Intervención con motivo del Ángelus
Queridos hermanos y hermanas:
Deseo ante todo dar las gracias a Dios y a todos los que, de diferentes maneras, han colaborado con el buen resultado del viaje apostólico que he podido realizar a África en los días pasados e invoco la abundancia de las bendiciones del Cielo sobre las semillas esparcidas en tierra africana. De esta significativa experiencia pastoral me propongo hablar más ampliamente el próximo miércoles, en la audiencia general, pero no puedo dejar de aprovechar la oportunidad para manifestar la emoción profunda que experimenté al encontrar las comunidades católicas y las poblaciones de Camerún y de Angola.
Sobre todo me impresionaron dos aspectos, ambos muy importantes. El primero es la alegría visible en los rostros de la gente, la alegría de sentirse parte de la única familia de Dios, y doy las gracias al Señor por haber podido compartir con las multitudes de estos hermanos y hermanas nuestros momentos de sencilla fiesta, compartida en el conjunto y llena de fe.
El segundo aspecto es precisamente el intenso sentido de lo sagrado que se respiraba en las celebraciones litúrgicas, característica ésta común a todos los pueblos africanos. Podría decir que emergió en cada momento de mi estancia entre esas queridas poblaciones. La visita me ha permitido ver y comprender mejor la realidad de la Iglesia en África en la variedad de sus experiencias y de los desafíos que tiene que afrontar en estos momentos.

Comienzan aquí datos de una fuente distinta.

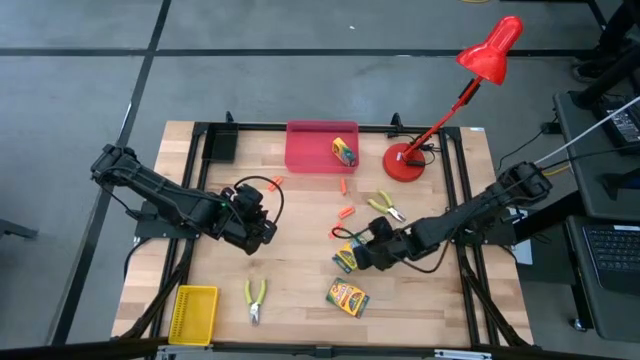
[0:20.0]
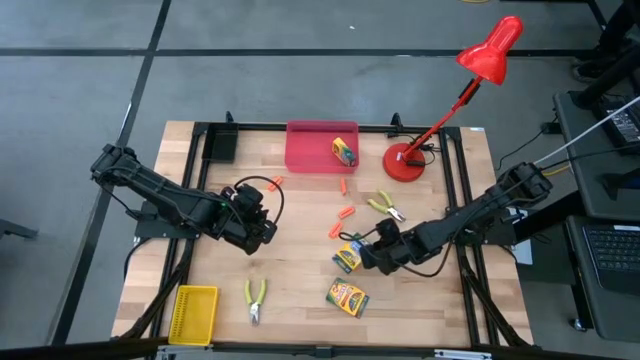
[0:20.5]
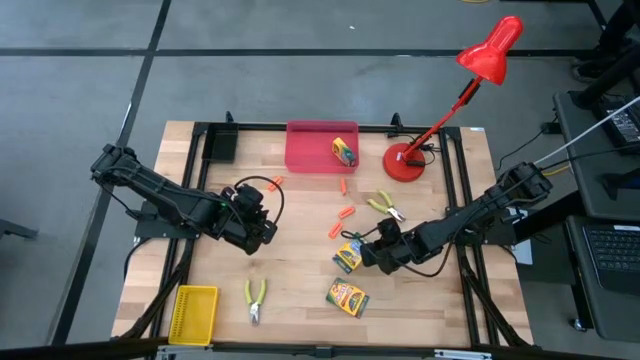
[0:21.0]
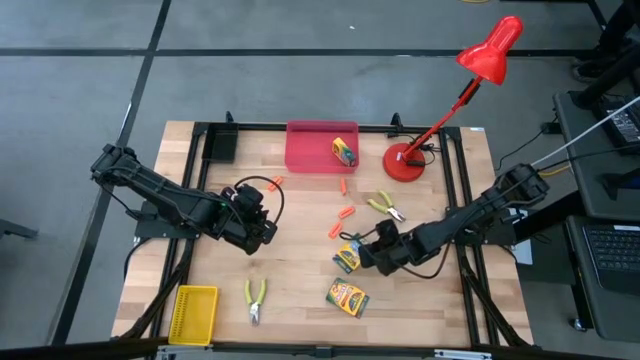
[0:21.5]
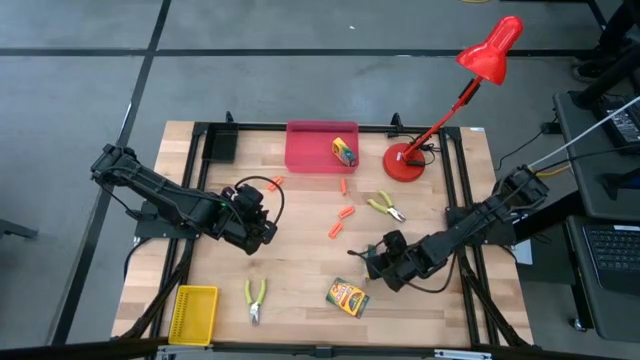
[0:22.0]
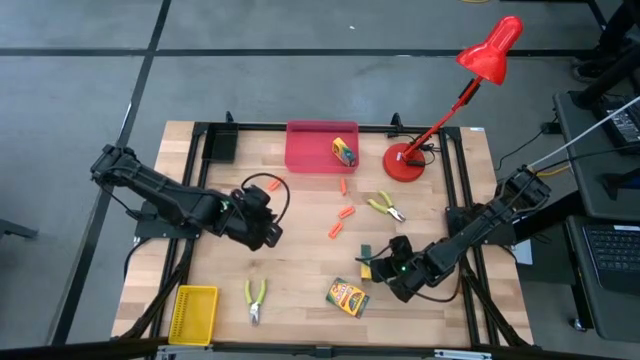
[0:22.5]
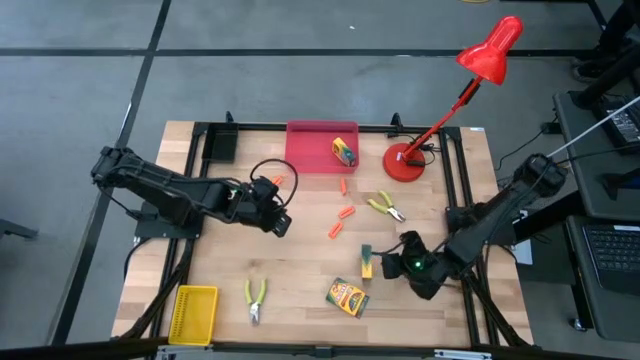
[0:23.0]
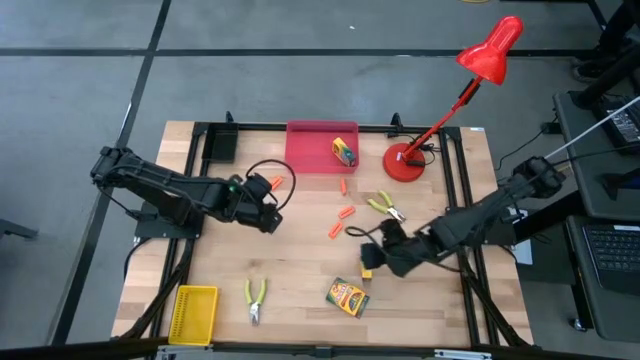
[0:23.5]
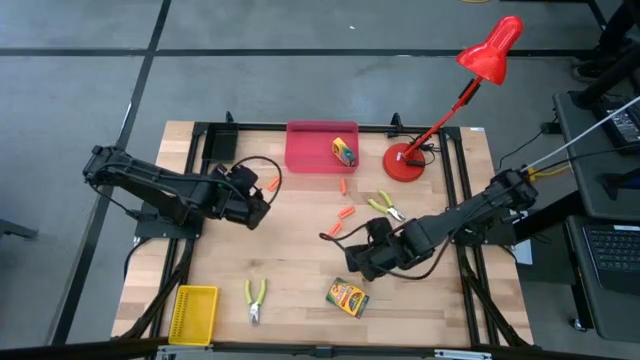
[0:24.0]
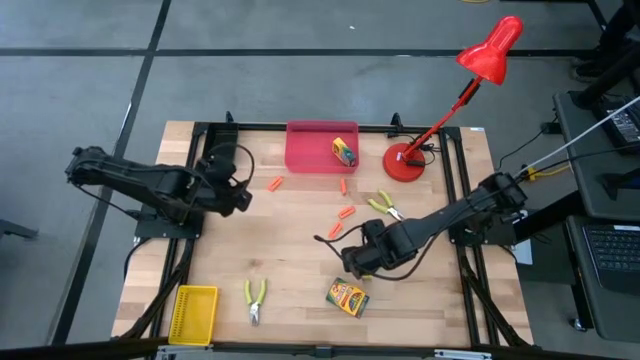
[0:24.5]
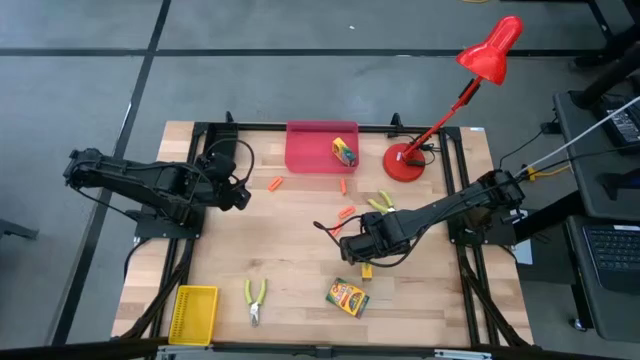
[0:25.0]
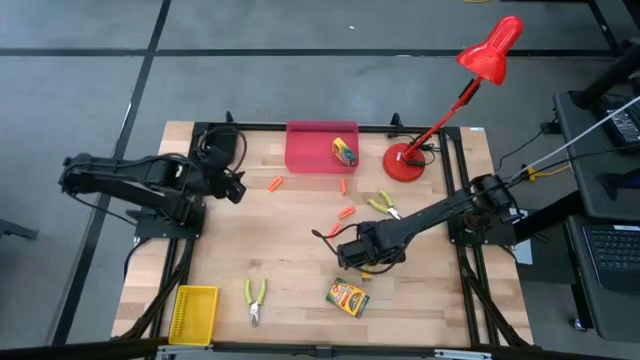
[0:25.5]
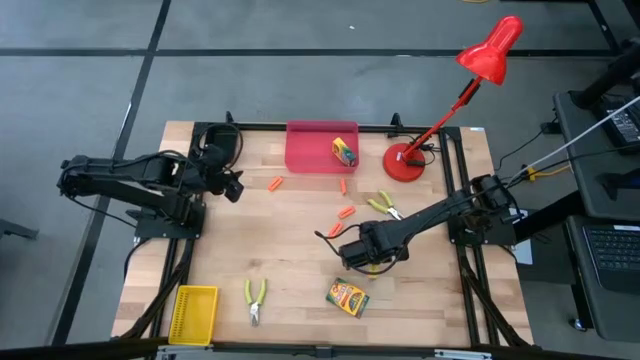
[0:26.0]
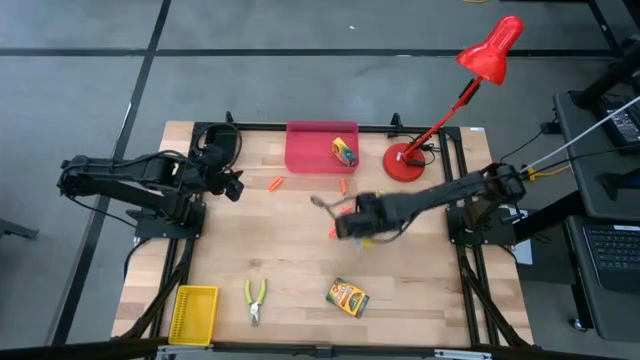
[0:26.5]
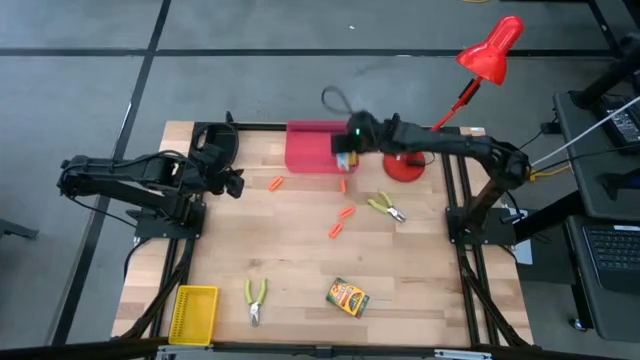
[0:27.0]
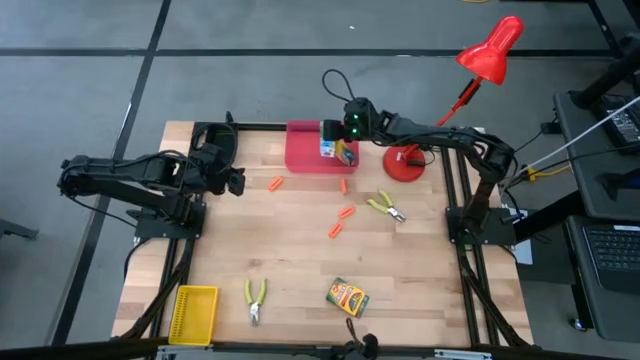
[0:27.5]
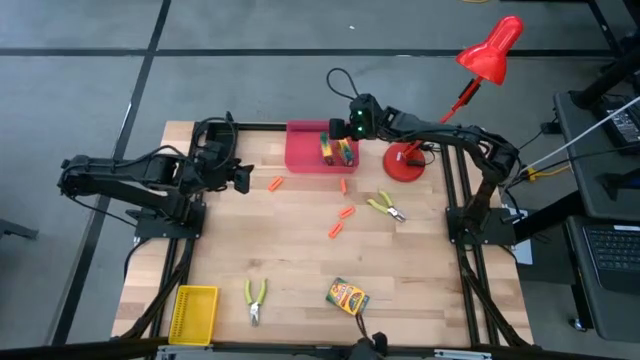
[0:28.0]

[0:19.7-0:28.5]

Pensando precisamente en los desafíos que marcan el camino de la Iglesia en el continente africano, y en cualquier otra parte del mundo, experimentamos cómo son actuales las palabras del Evangelio de este quito domingo de Cuaresma. Jesús, ante la inminencia de la pasión, declara: "si el grano de trigo no cae en tierra y muere, queda él solo; pero si muere, da mucho fruto" (Juan 12, 24). Ya no es hora de palabras ni de discursos; ha llegado la hora decisiva para la que ha venido al mundo el Hijo de Dios, y a pesar de que su alma está turbada, declara su disponibilidad para cumplir hasta el final la voluntad del Padre. Esta es la voluntad de Dios: darnos la vida eterna que hemos perdido. Para que esto se realice es necesario, sin embargo, que Jesús muera, como un grano de trigo que Dios Padre ha sembrado en el mundo. Sólo así, de hecho, podrá germinar y crecer una nueva humanidad, libre del dominio del pecado y capaz de vivir en fraternidad, como hijos e hijas del único Padre que está en los cielos.
En la gran fiesta de la fe, que hemos vivido juntos en África, hemos experimentado que esta nueva humanidad está viva, a pesar de sus límites humanos. Allí donde los misioneros, como Jesús, han dado y siguen dado la vida por el Evangelio, se recogen frutos abundantes. A ellos les deseo dirigir un particular pensamiento de gratitud por el bien que hacen. Se trata de religiosas, religiosos, laicas y laicos. Para mí ha sido hermoso ver el fruto de su amor a Cristo y constatar el profundo reconocimiento que los cristianos tienen por ellos. Demos gracias a Dios y pidámosle a María santísima para que en el mundo entero se difunda el mensaje de esperanza y de amor de Cristo.
[Al final del Ángelus, el Papa dirigió este saludo a los peregrinos:]
Saludo con gran afecto a los numerosos africanos que viven en Roma, entre ellos muchos estudiantes, acompañados por el arzobispo Robert Sarah, secretario de la Congregación para la Evangelización de los Pueblos. Queridos: habéis querido venir a manifestar alegría y reconocimiento por mi viaje apostólico a África. Os doy las gracias de corazón. Rezo por vosotros, por vuestras familias y por vuestros países de origen. ¡Gracias!
El jueves próximo, a las 18 horas, presidiré en San Pedro la santa misa en el cuarto aniversario de la muerte de mi querido predecesor, el siervo de Dios Juan Pablo II. Invito a participar especialmente a los jóvenes de Roma para prepararnos juntos a la Jornada Mundial de la Juventud, que se celebrará a niel diocesano en el Domingo de Ramos.